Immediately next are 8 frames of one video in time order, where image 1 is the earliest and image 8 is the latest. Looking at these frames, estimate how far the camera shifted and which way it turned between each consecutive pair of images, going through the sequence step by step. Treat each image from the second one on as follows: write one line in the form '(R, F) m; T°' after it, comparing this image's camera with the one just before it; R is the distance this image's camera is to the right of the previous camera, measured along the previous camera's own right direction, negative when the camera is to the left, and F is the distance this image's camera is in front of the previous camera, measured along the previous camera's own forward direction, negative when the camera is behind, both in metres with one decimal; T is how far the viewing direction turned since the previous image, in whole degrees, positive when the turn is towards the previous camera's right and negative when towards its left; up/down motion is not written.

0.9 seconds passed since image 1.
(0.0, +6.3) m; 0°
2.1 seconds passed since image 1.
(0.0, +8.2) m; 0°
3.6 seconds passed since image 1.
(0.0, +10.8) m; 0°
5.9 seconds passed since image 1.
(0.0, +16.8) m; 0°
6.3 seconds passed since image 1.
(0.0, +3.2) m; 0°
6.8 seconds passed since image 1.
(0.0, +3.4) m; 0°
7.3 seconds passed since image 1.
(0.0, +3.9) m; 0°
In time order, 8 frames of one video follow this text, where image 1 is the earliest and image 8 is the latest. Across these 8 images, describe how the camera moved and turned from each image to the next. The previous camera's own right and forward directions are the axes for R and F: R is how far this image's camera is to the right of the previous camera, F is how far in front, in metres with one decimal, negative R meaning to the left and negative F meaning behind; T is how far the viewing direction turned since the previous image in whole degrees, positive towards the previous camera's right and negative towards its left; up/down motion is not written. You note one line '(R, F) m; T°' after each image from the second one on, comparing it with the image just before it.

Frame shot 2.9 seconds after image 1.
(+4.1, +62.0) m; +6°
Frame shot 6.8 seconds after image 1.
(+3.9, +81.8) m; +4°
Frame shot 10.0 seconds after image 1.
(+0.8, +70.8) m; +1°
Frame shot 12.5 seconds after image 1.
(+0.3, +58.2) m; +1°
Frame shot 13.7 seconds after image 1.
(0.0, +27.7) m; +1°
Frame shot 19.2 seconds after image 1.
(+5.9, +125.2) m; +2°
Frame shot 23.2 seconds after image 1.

◆ ◆ ◆

▶ _REQUIRED ACTION_
Copy out the data exactly as it stands, leaving nothing out.

▶ _OUTPUT FOR THIS TASK_
Immediately next are 8 frames of one video in time order, where image 1 is the earliest and image 8 is the latest. Looking at these frames, estimate how far the camera shifted and which way it turned between each consecutive pair of images, going through the sequence step by step. Treat each image from the second one on as follows: write one line in the form '(R, F) m; T°' after it, comparing this image's camera with the one just before it; R is the distance this image's camera is to the right of the previous camera, measured along the previous camera's own right direction, negative when the camera is to the left, and F is the distance this image's camera is in front of the previous camera, measured along the previous camera's own forward direction, negative when the camera is behind, both in metres with one decimal; T is how far the viewing direction turned since the previous image, in whole degrees, positive when the turn is towards the previous camera's right and negative when towards its left; up/down motion is not written.

0.9 seconds passed since image 1.
(0.0, +6.3) m; 0°
2.1 seconds passed since image 1.
(0.0, +8.2) m; 0°
3.6 seconds passed since image 1.
(0.0, +10.8) m; 0°
5.9 seconds passed since image 1.
(0.0, +16.8) m; 0°
6.3 seconds passed since image 1.
(0.0, +3.2) m; 0°
6.8 seconds passed since image 1.
(0.0, +3.4) m; 0°
7.3 seconds passed since image 1.
(0.0, +3.9) m; 0°
In time order, 8 frames of one video follow this text, where image 1 is the earliest and image 8 is the latest. Across these 8 images, describe how the camera moved and turned from each image to the next. The previous camera's own right and forward directions are the axes for R and F: R is how far this image's camera is to the right of the previous camera, F is how far in front, in metres with one decimal, negative R meaning to the left and negative F meaning behind; T is how far the viewing direction turned since the previous image in whole degrees, positive towards the previous camera's right and negative towards its left; up/down motion is not written. You note one line '(R, F) m; T°' after each image from the second one on, comparing it with the image just before it.

Frame shot 2.9 seconds after image 1.
(+4.1, +62.0) m; +6°
Frame shot 6.8 seconds after image 1.
(+3.9, +81.8) m; +4°
Frame shot 10.0 seconds after image 1.
(+0.8, +70.8) m; +1°
Frame shot 12.5 seconds after image 1.
(+0.3, +58.2) m; +1°
Frame shot 13.7 seconds after image 1.
(0.0, +27.7) m; +1°
Frame shot 19.2 seconds after image 1.
(+5.9, +125.2) m; +2°
Frame shot 23.2 seconds after image 1.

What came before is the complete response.